Issuers Must Disclose ‘Extraordinary’ Cybersecurity Incidents

The SEC continues to assess its recent cybersecurity breach as issuers closely monitor the agency to determine its next steps –  including the herculean task of hoisting a defensive wall in the face of the growing concerns and risks tied to escalating incidents of cybercrime that impact both the investing market and the boardroom.

The SEC recently came forward with a statement disclosing personal information was part of the EDGAR breach. “The names, dates of birth and Social Security numbers of two individuals were exposed,” SEC Chairman Jay Clayton said in a statement.

While no one is looking to the SEC to put an end to cybersecurity breaches altogether, the exponentially increasing likelihood of a breach increases the likelihood of more stringent disclosure requirements. What are possible steps that the SEC could undertake in efforts to bring greater transparency around cybersecurity reporting?
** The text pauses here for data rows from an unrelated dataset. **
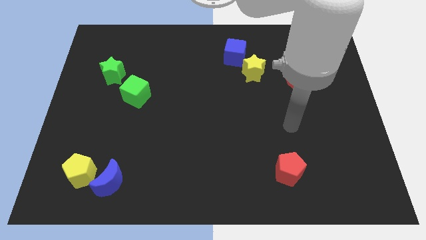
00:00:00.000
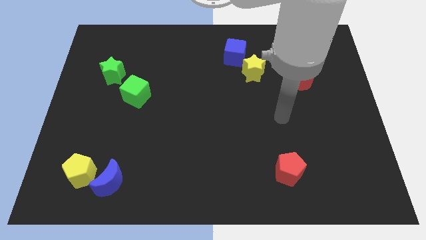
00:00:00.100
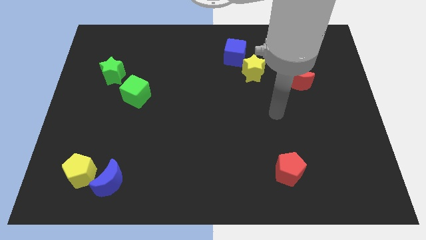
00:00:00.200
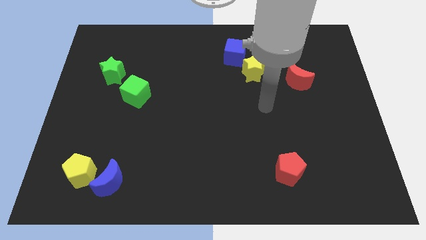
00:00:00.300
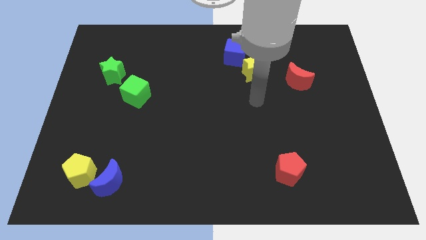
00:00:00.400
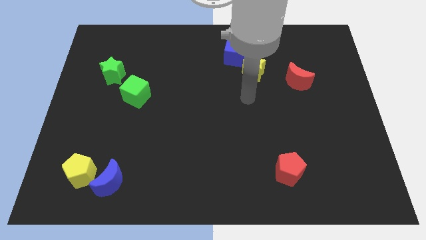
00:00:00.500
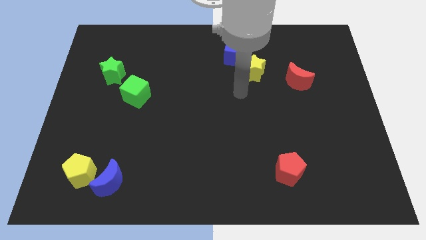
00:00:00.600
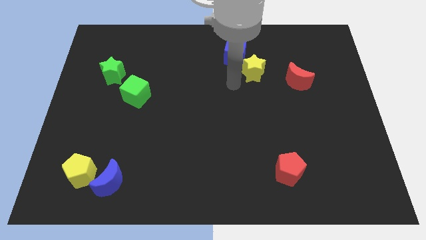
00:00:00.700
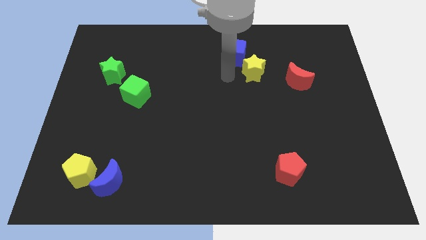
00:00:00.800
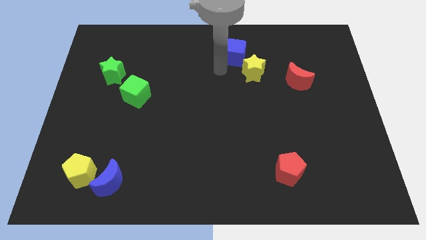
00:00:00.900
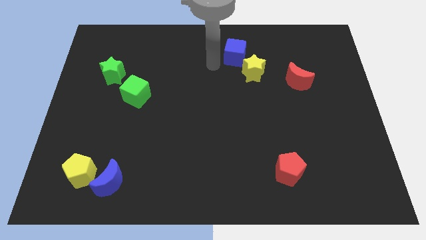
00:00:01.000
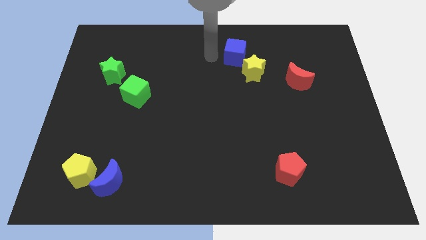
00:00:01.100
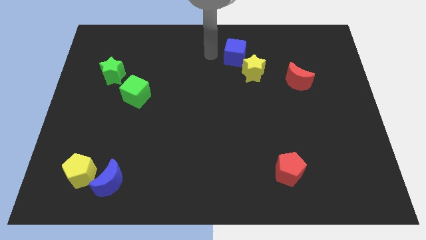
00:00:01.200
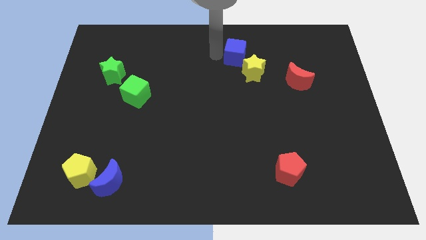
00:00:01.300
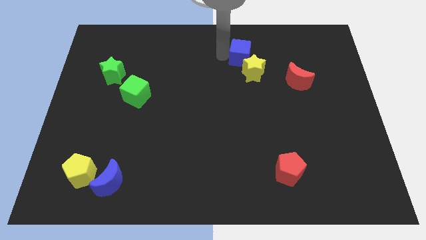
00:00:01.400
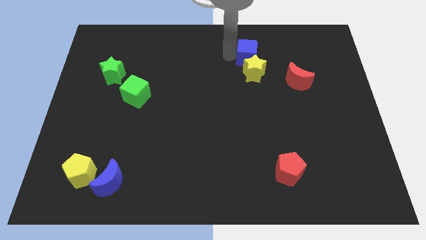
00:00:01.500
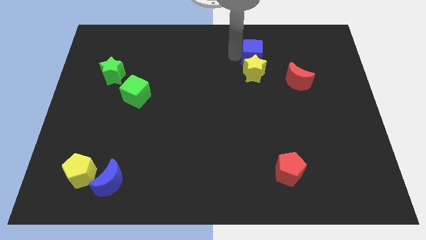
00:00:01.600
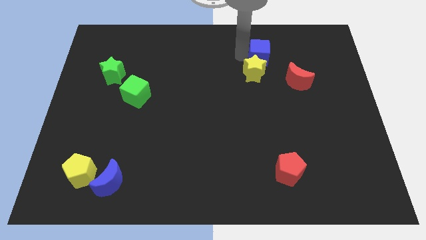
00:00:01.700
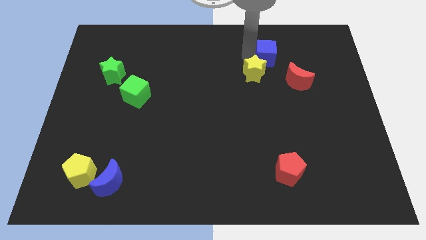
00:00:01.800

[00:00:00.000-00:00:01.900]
slightly move the blue cube right

The SEC could deem cybersecurity events as an extraordinary event. Currently, Form 8-K is the workhorse for reporting on extraordinary events within a heightened timeframe. It could also be argued that a significant cyberbreach is already required to be included under Item 8.01 of Form 8-K. This field stipulates that a company should “voluntarily disclose any information that is not otherwise required to be reported but which it believes its securityholders would find important.”

If the SEC were to amend Regulation 8-K to introduce a new reporting item for cybersecurity, it could tackle what is likely the most vexing issue – the actual timeframe around when an issuer reports on a material event linked to cybersecurity.

While more in-depth reporting and assessment would follow in 10-Q and 10-K reports, investors would have far more timely insight into a cyberbreach occurrence if Form 8-K were used in connection to the existing cybersecurity challenges.

Over the past few years, the SEC has stayed close (but not too close) to the topic of cybersecurity. The SEC issued fairly comprehensive interpretive guidance back in October 2011, six years ago. In that time, we’ve seen damaging, widespread cybersecurity breaches with no end in sight.

Recent events not only highlight the ongoing concerns over how long it takes issuers to report on breaches but also showcases the near- and long-term negative impact the event has on stock performance and investor returns. One recent Deloitte study shows that a severe breach can cause an average decline of 1.8% of companies’ stock prices on a permanent basis.

The undeniable trend of sliding share prices post-breach strengthens the position that this can be viewed as an extraordinary event that justifies timely reporting. While the road to implementing safeguards around cybersecurity initiatives will be long fraught with new questions and challenges, a first step for the SEC could be around developing a more heightened sense of transparency and timing to assuage the growing concerns of investors and the general market alike.